- Exercise directions -
When writing out the listing below, reproduce every word exactly and skip the pictures.
*** Block opens ***
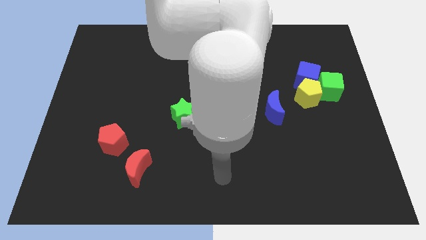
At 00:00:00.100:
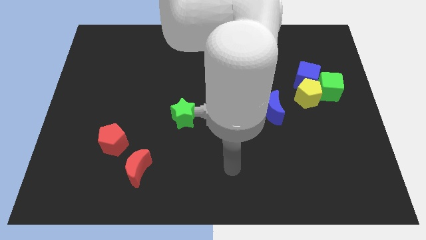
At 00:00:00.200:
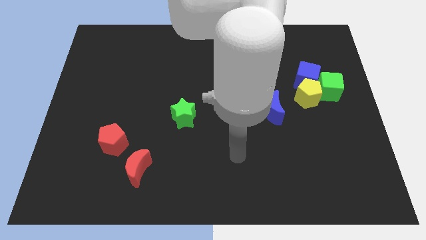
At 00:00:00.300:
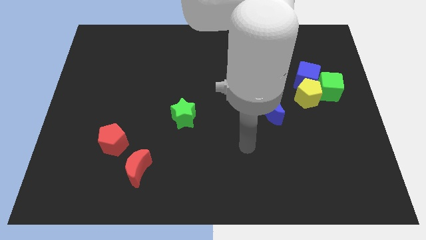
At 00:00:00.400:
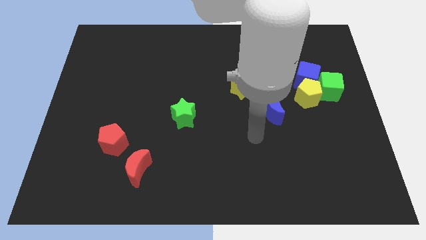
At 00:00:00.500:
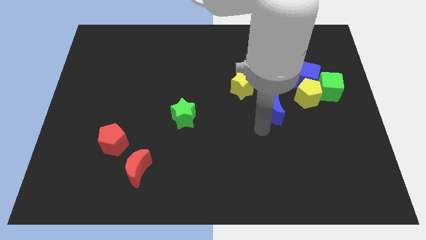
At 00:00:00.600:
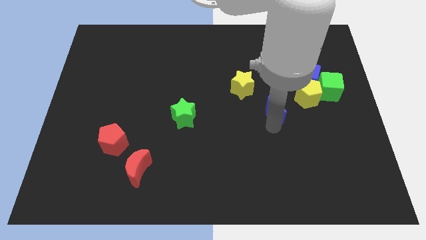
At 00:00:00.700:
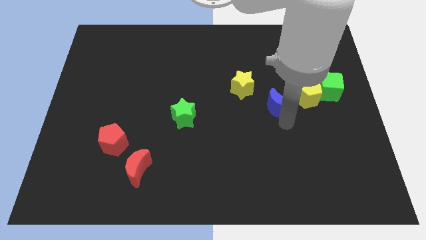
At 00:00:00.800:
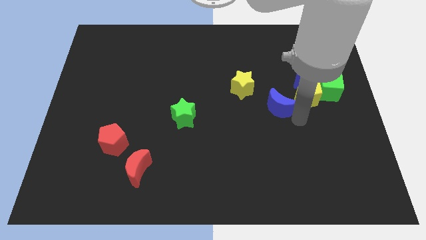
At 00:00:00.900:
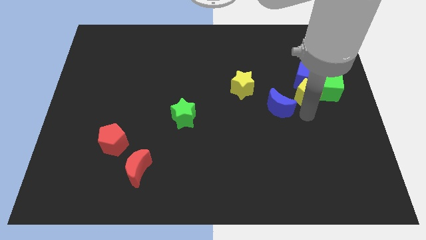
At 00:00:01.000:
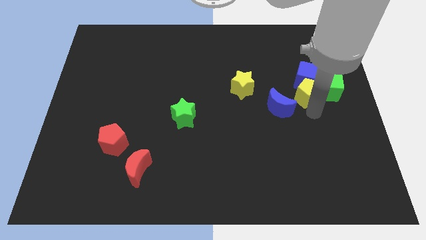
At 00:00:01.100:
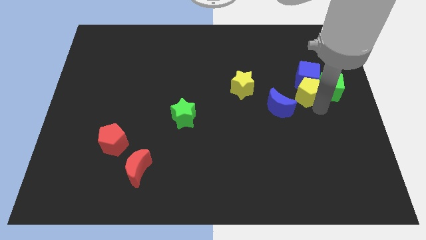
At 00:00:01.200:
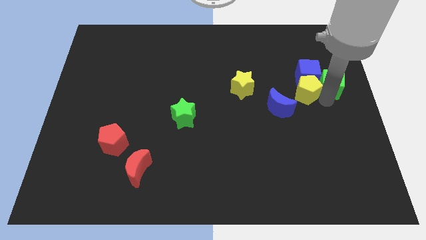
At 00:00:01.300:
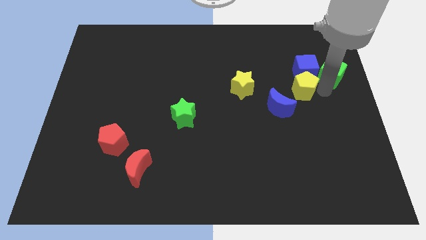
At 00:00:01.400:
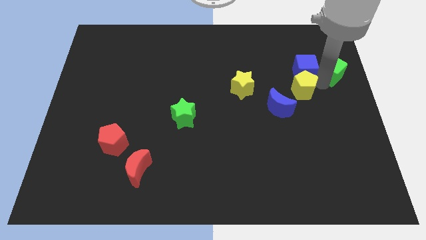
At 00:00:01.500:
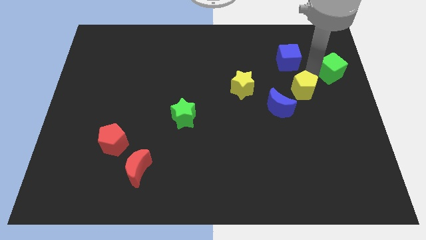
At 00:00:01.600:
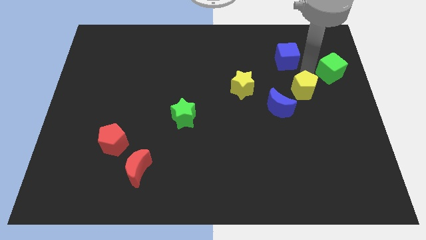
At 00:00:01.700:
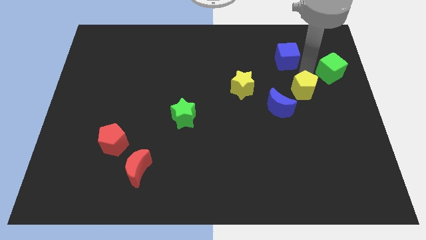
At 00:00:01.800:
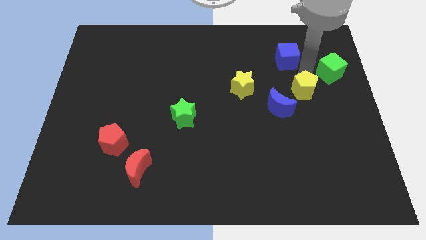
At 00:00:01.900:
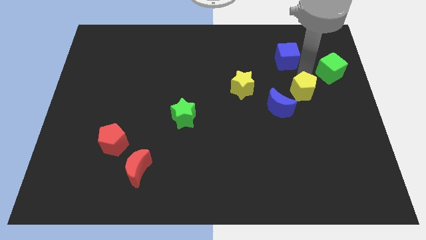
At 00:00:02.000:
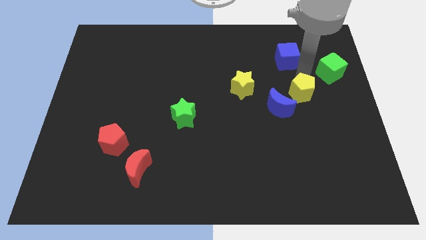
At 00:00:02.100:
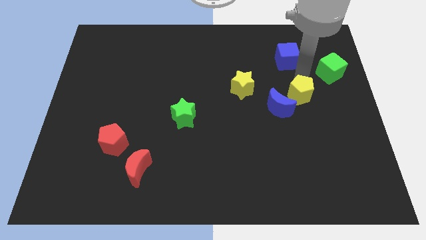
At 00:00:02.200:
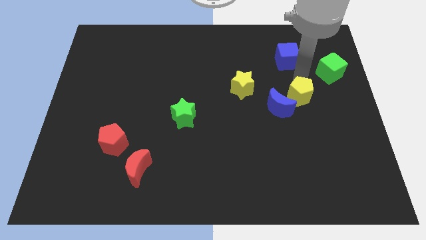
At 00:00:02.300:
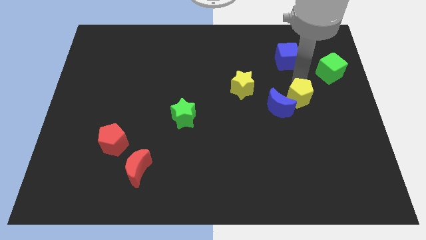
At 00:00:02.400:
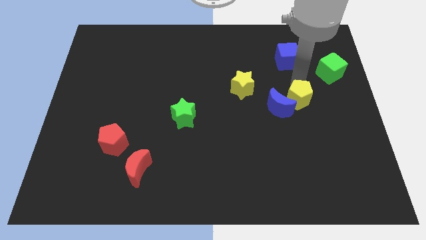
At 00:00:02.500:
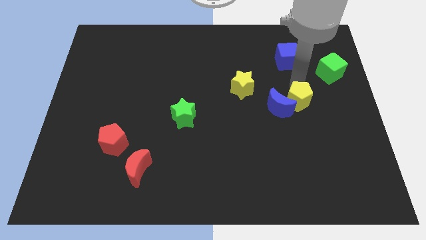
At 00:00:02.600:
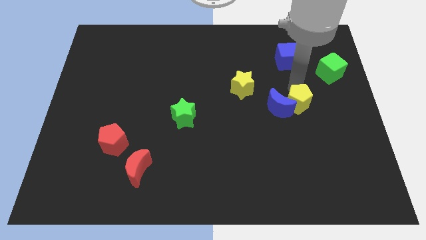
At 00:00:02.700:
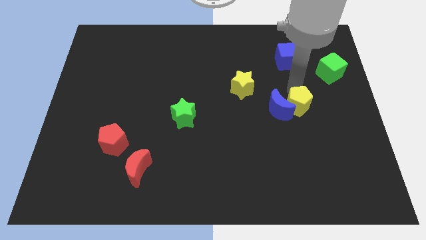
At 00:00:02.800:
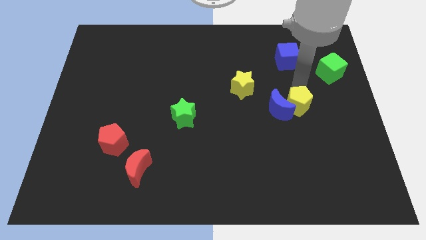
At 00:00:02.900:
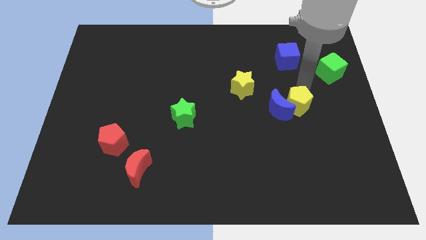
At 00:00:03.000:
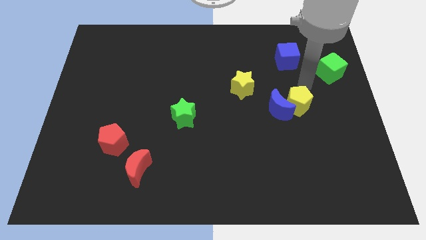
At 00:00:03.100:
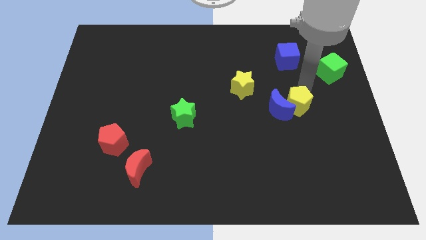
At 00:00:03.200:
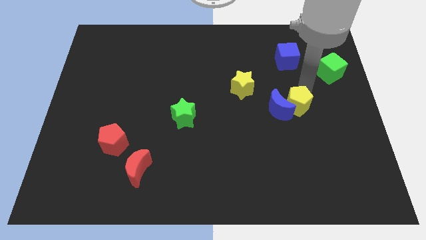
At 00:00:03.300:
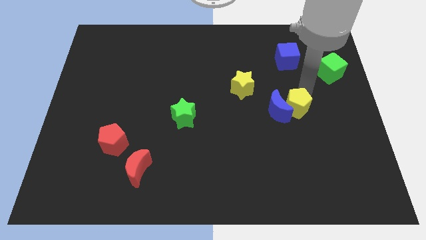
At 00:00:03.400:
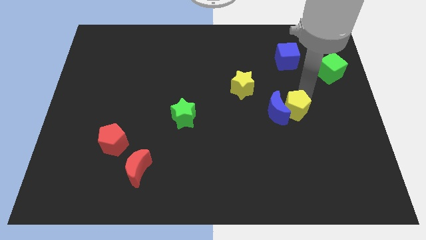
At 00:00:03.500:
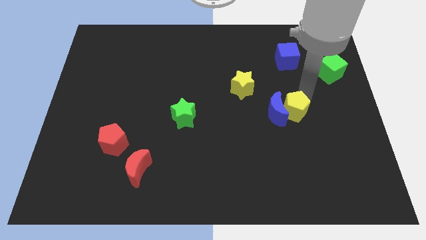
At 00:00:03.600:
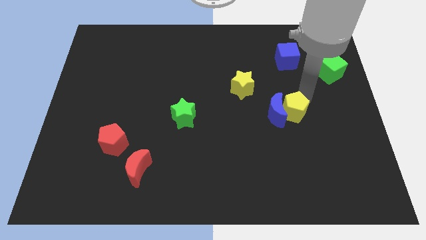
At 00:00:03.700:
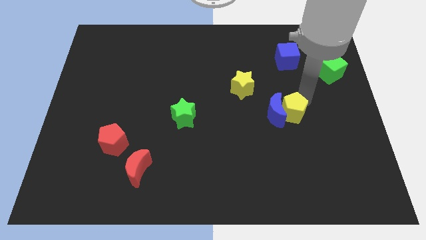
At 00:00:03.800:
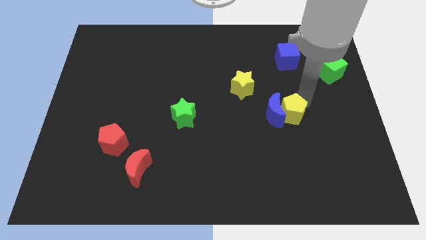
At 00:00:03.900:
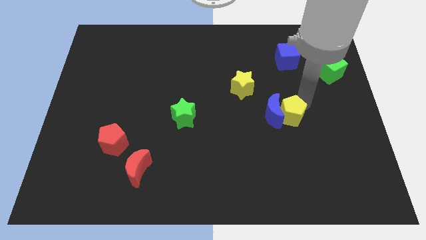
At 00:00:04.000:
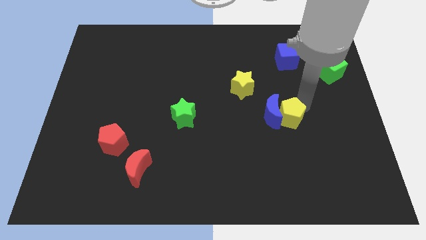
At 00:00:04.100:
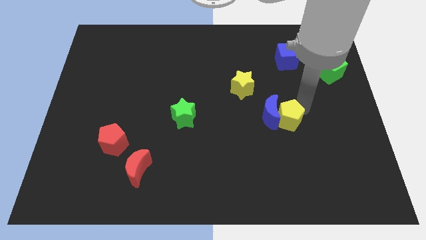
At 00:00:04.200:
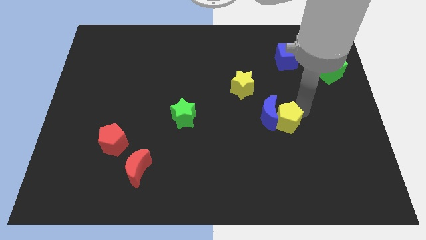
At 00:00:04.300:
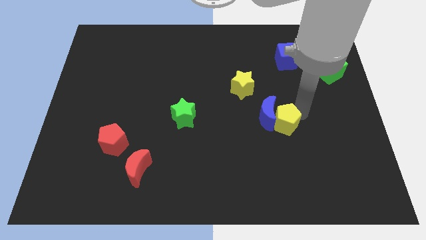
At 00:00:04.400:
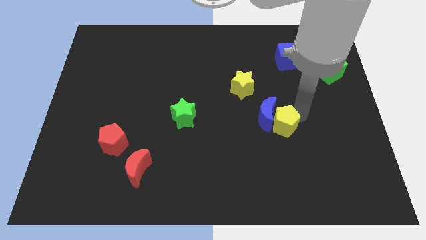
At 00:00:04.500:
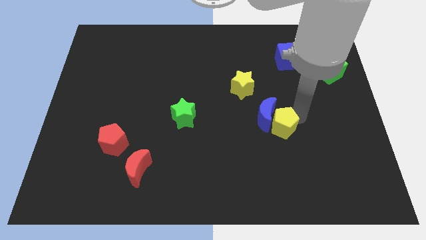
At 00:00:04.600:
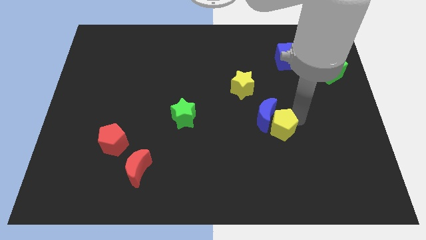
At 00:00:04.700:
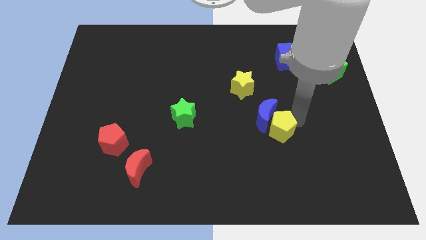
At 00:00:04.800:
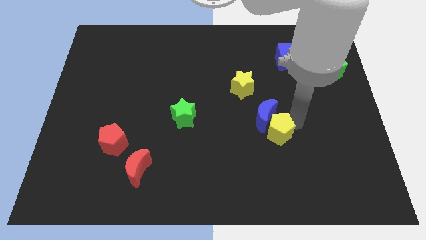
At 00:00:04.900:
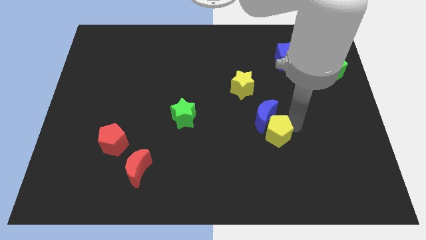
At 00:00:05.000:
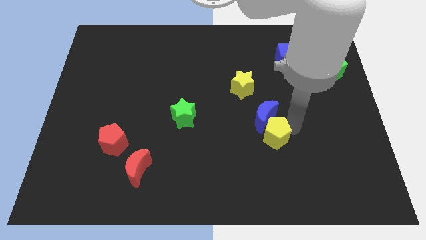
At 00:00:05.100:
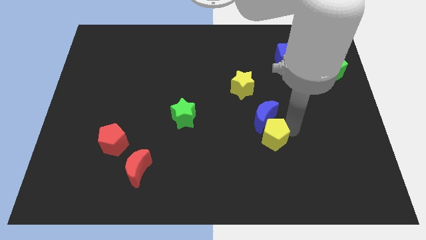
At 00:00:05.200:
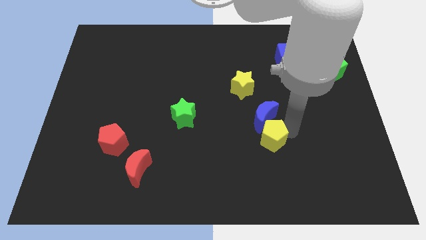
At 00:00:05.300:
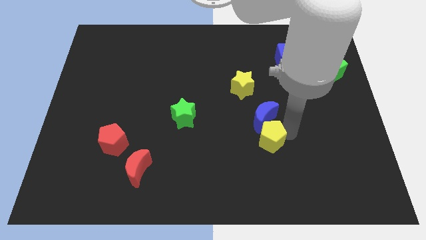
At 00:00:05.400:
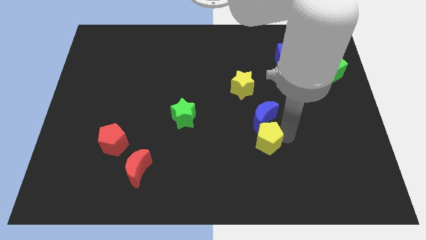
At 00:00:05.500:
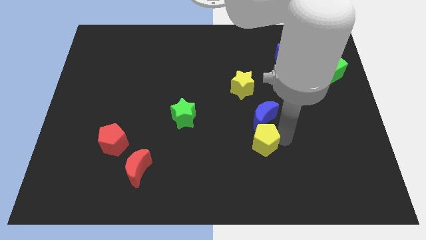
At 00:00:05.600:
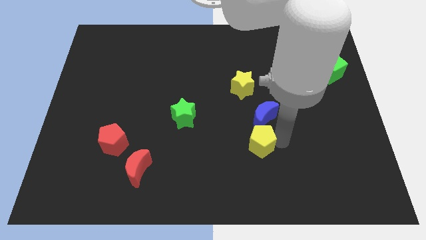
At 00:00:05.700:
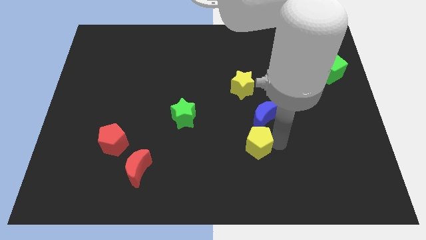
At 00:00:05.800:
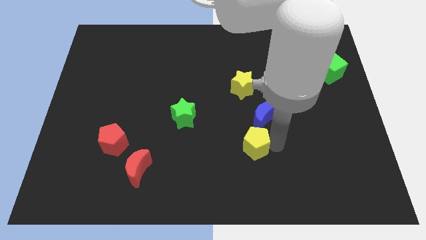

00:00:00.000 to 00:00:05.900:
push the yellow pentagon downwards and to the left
*** Block closes ***
- Result of this task -
At 00:00:00.100:
At 00:00:00.200:
At 00:00:00.300:
At 00:00:00.400:
At 00:00:00.500:
At 00:00:00.600:
At 00:00:00.700:
At 00:00:00.800:
At 00:00:00.900:
At 00:00:01.000:
At 00:00:01.100:
At 00:00:01.200:
At 00:00:01.300:
At 00:00:01.400:
At 00:00:01.500:
At 00:00:01.600:
At 00:00:01.700:
At 00:00:01.800:
At 00:00:01.900:
At 00:00:02.000:
At 00:00:02.100:
At 00:00:02.200:
At 00:00:02.300:
At 00:00:02.400:
At 00:00:02.500:
At 00:00:02.600:
At 00:00:02.700:
At 00:00:02.800:
At 00:00:02.900:
At 00:00:03.000:
At 00:00:03.100:
At 00:00:03.200:
At 00:00:03.300:
At 00:00:03.400:
At 00:00:03.500:
At 00:00:03.600:
At 00:00:03.700:
At 00:00:03.800:
At 00:00:03.900:
At 00:00:04.000:
At 00:00:04.100:
At 00:00:04.200:
At 00:00:04.300:
At 00:00:04.400:
At 00:00:04.500:
At 00:00:04.600:
At 00:00:04.700:
At 00:00:04.800:
At 00:00:04.900:
At 00:00:05.000:
At 00:00:05.100:
At 00:00:05.200:
At 00:00:05.300:
At 00:00:05.400:
At 00:00:05.500:
At 00:00:05.600:
At 00:00:05.700:
At 00:00:05.800:

00:00:00.000 to 00:00:05.900:
push the yellow pentagon downwards and to the left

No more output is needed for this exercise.